# Shoaling fish recommendations for an large Angelfish tank



## Ajm200 (12 Jan 2016)

Hi,

I currently have a group of 8 Angelfish in my large 520l tank. At Easter,  I'll be moving my Son's goldfish into a garden pond so that I can use their 120l tank as a community tank for the smaller fish currently in with the Angels.

I'm planning on leaving the larger tank planted and stocked with the Angelfish, a Bristlenose, corys and a group of shoaling fish.

Any recommendations?  Everything I've liked so far has either been too small or likely to nip fins.

I quite like Congo tetras.  Do they shoal well?  Whenever I've seen them at the LFS they have been in a tiny tank so it was impossible to tell.

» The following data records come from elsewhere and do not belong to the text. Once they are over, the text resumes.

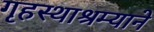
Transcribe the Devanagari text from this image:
गृहस्थाश्रम्याने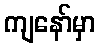
ကျနော်မှာ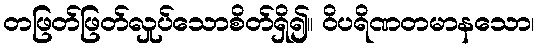
တဖြတ်ဖြတ်လှုပ်သောစိတ်ရှိ၍။ ဝိပရိဏတမာနသော၊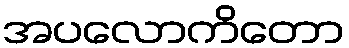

Also, are they good with Angelfish?

I'd love to hear your experiences

Thanks


----------



## RossMartin (12 Jan 2016)

I like Rummynoses!


----------



## NC10 (12 Jan 2016)

If you're not sticking with South Americans, I've always fancied a decent shoal of glass catfish.

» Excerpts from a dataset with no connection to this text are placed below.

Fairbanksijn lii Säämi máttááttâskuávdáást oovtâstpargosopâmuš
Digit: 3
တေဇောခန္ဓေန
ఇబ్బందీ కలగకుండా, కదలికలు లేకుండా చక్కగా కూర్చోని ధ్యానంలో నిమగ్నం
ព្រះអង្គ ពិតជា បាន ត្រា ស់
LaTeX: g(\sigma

No experience with them, but another one to think about anyway


----------



## Ajm200 (12 Jan 2016)

I did want to have South American fish but everything I've liked so far will become live food for the Angel Fish at some point  or needs soft water.  Our water is very hard.  I live near London.  Limescale on everything is the norm


----------



## Ajm200 (12 Jan 2016)

Congo Tetra were suggested by my son as he likes the look of them and they are big enough to be safe


----------



## NC10 (12 Jan 2016)

Sorry, can't edit original post.

Was going to suggest Bleeding Heart as well, another decent sized tetra, again no experience 

Flag cichlids another, both South American anyway. I'll stop now


----------



## Martin in Holland (13 Jan 2016)

Emperor Tetra would be good too, but watch out for nipping the Angels fins.


----------



## EnderUK (13 Jan 2016)

I think you could get a good shoal of otos in a 520l  20-30.


----------



## PARAGUAY (13 Jan 2016)

Rummy Noses and Cardinals keeping to the South American theme and big enough not to be seen as food by the Angels or something more like Lemon tetras or Diamond tetras peaceful in a large group


----------



## Derek113 (13 Jan 2016)

I like the bleeding heart tetra. The trouble is, mine looked better than the angels! 

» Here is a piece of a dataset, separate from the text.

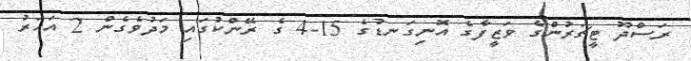
ރަސްދޫ ޓީޗަރުންގެ ވަޒީފާގެ އޮނިގަނޑުގެ 15-4 ގެ ރޭންކުގައި މަދުވެގެން 2 އަހަރު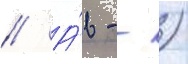
// А́в - -)

Not sure on requirements but a large group of peacock gobies would look nice?


----------



## alto (13 Jan 2016)

Much depends on your angels - adult angels can be rather territorial so whatever shoal you choose, it's recommended to remove the angels to a large bin, make some physical changes in the tank, add the new fish shoal, allow them some time to settle, then return angels  ... 

I've had angels hunt & eat new additions to an existing shoal of dither fish, original shoal group having been in the tank when angels were added as juveniles - I'd had a group of 10 dither fish, lost a couple over the year or so, added 8 (quarantined for a month before adding to the angel tank - this is very important with angels) ... a month later, only the original 8 dithers remained 

I've had angels eat otos - took a bit of effort as the oto was too large to be swallowed whole (ie  not pretty) - I'd assumed the oto disappearances were just those frustrating losses one can have with otos

Emperor tetra shoal did fine with angels (though again, I'd introduced the shoal while angels were juveniles), I eventually removed the Emperor tetras as I found them too busy (the angels seemed to prefer their absence as well)

Whatever shoal you choose, quarantine the new fish for at least a couple weeks first (if this isn't possible, take care with the source purchase, then try to do daily 25% water changes for the first several days, tapering back to your usual schedule)
Add at least 20 individuals

Re nipping fins, what sort of angels do your have? standard fins are less often targeted than long trailing fins; also larger groups of a shoal tends to keep behaviors within the shoal, though hungry fish are maybe more likely to nibble.

I wouldn't add Congo tetras as these can be very active, busy fish ... they'll likely come to dominate the tank  with angels showing less activity/behaviors  (at least that has been my observation in Congo/angel tanks) 

Currently your angels are accustomed to sharing their tank so I'd add the new shoal at the same time as I removed the present smaller fish, again as your angels are accustomed to smaller fish, they may be less inclined to predate the new shoal (I suspect behavior of the new fish impacts angel response)
I've really only included my experiences as possibilities, not as probabilities ...


----------



## jagillham (13 Jan 2016)

Can confirm Rummy Nose Tetra can be Angelfish food!

I had 3 Angels. Two lived in harmony in the community tank. Added another, and caught it in the act...!


----------



## Ajm200 (13 Jan 2016)

EnderUK said:


> I think you could get a good shoal of otos in a 520l  20-30.


I'd love them.  Ottos are great but so would the Angel fish.  The outcome would be bad for both fish as the Angels consider anything that will fit in their mouths to be food.  The Ottos spines make them a deadly meal sometimes otherwise I'd have loads already

I saw a friend lose an beautiful adult Angelfish when it tried to eat an otto and the otto got stuck.  Not something I want to risk


----------



## Ajm200 (13 Jan 2016)

alto said:


> Re nipping fins, what sort of angels do your have? standard fins are less often targeted than long trailing fins; also larger groups of a shoal tends to keep behaviors within the shoal, though hungry fish are maybe more likely to nibble.



They were sold as standard Angels but were very small.  Two have much fins longer fins and tails and very long points on their tails.

One of the black ones is an evil little critter.  He chases the smaller fish and nips our hands when we do maintenance on the tank.  I do wonder if we will have to evict the goldfish sooner than planned if small fish start disappearing


----------



## PARAGUAY (14 Jan 2016)

Angels can be quite unpredictable in behaviour you may have a single one getting along quite harmoniously for years within a community set up or as shown here exhibiting chiclid behaviour by predation.  Altums are rare and expensive and mainly obtained by request but the others Leopoldi and Scalare.Leopoldi is the slightly more smaller rounded and can be aggressive, and unless it's kept in numbers with larger fish is best avoided with small fish likewise Black and marbled Angels more predatory and unpredictable than Scalare. As always there are exceptions but personally Scalare would be my choice with smaller fish, deep bodied tetras would probably be best tank mates in a well planted large tank


----------